Oh you are sure you get 20 plies in 30 minutes a move i guess?

As for playing Diep, in some months from now it should play online so you can play whatever time control there i suppose.

But the whole point is, for a few months now i have seen you guys post about how 'strong' Komodo's evaluation is.

to me it seems very similar to deepsjeng's evaluation though which looks again from a distance at rybka/fruit evaluation with a few small additions - and no i don't claim anything has been copied.

I say *similar*.

You already admitted that you took over the material evaluation from Rybka.

Now all those months you claim that something much of a beancounter like that has worlds 'strongest' evaluation and a 'lot of knowledge' (my own words).

In fact Diep has 20x more knowledge. Sure very bad tuned, despite already big experiments from my viewpoint to see what bugs i can get out using automatic parameter tuning.

Those claims is what i responded against.
In fact it's trivial you both don't even know how things have been tuned in Komodo and what the effect of parameter tuning is, otherwise you would've blindfolded grabbed the opportunity for a 1 ply match.

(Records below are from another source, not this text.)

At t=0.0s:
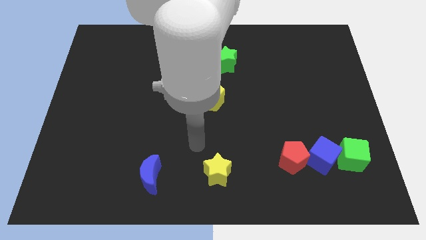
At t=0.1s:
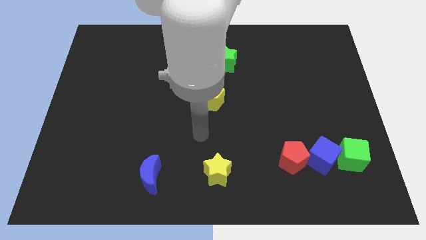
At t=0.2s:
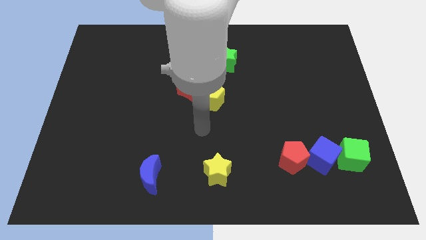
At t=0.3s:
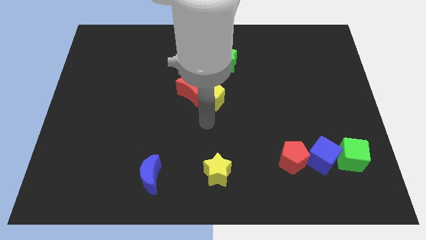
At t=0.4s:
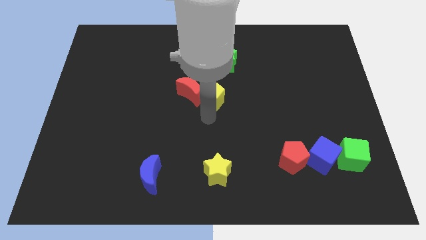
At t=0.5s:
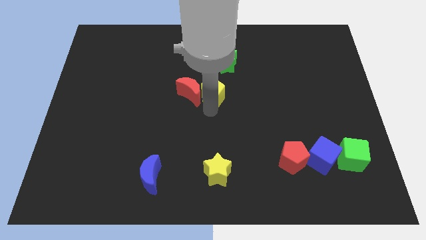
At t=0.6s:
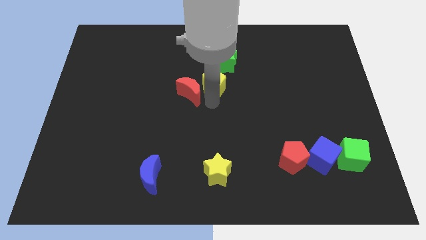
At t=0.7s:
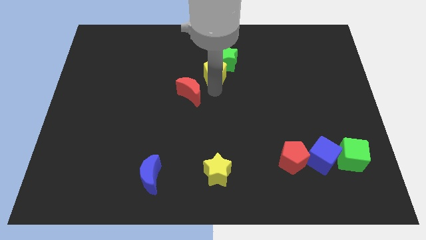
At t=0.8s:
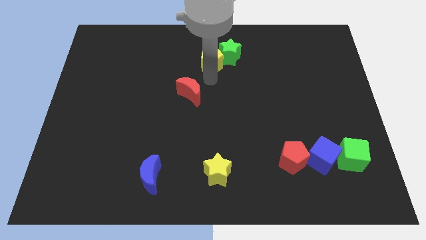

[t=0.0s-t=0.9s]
move the red moon away from the yellow pentagon

In fact i'm sure had Christophe theron been in this forum still, he would've directly posted to play 1 ply matches against some very old Tiger (and i bet Tiger would win every single match), as he knows something about making your own evaluation and you guys obviously do NOT.

That's what i wanted to demonstrate and it's more than obvious to everyone.

There is like a 100 engines out there now with nearly identical evaluation, only some minor search differences and some of them like deepsjeng and komodo know a tad more about passed pawns seemingly. That's such tiny differences - it's not even funny to do any claim about your evaluation function i'd say.

Vincent

lkaufman · Post by **lkaufman** » Mon Aug 13, 2012 6:29 pm

diep wrote:
lkaufman wrote:
diep wrote: If they don't accept any match as proving anything, then it doesn't make sense to do any test Uri.

If i have a normal match against Komodo, they claim diep is parallel and uses all cores and they just 1, so logically they lose.

On other hand i didn't optimize Diep for single core contests as just forward pruning a lot and super selective search helps you there, as todays evaluations seem to need 20 ply (selective plies - not really comparable with real plies) for the evaluation functions to get the maximum eloscaling and above 20 plies you see most engines hardly win elo each ply.

So the struggle is to get that 20 plies quickly no matter how dubious you search. If you search SMP you can get it at rapid levels if you have a bunch of cores.

In most of those superbullet tests they do nowadays of course no one gets that 20 ply yet.
Okay, Vincent, here is my proposal. If you look at the CCRL 40/40 rating list you will see that Komodo 5 on one core outrates a recent Ivanhoe running on FOUR cores by 13 elo. So let's have a match between Komodo 5 on one core and Diep on FOUR cores. If you win the match it will at least imply that Diep is stronger than Ivanhoe and is therefore one of the top 6 engines. Regarding time limit, I suggest 30' + 30" increment, since repeat time control testing is a big waste of time, playing out dead drawn endings at the same slow pace as the early middlegame. Any fairly short opening book/test suite is fine, as long as you reverse colors with the same opening after each game. Maybe fifty game match?
Note that this test does not require us to do anything, it only requires that you send a version of DIEP to the person who will run the match.
I expect Komodo will win the match. I say this because I believe that if Diep already had the level of Ivanhoe you would be selling it now. If you win the match you can safely go commercial and expect decent sales.
Oh you are sure you get 20 plies in 30 minutes a move i guess?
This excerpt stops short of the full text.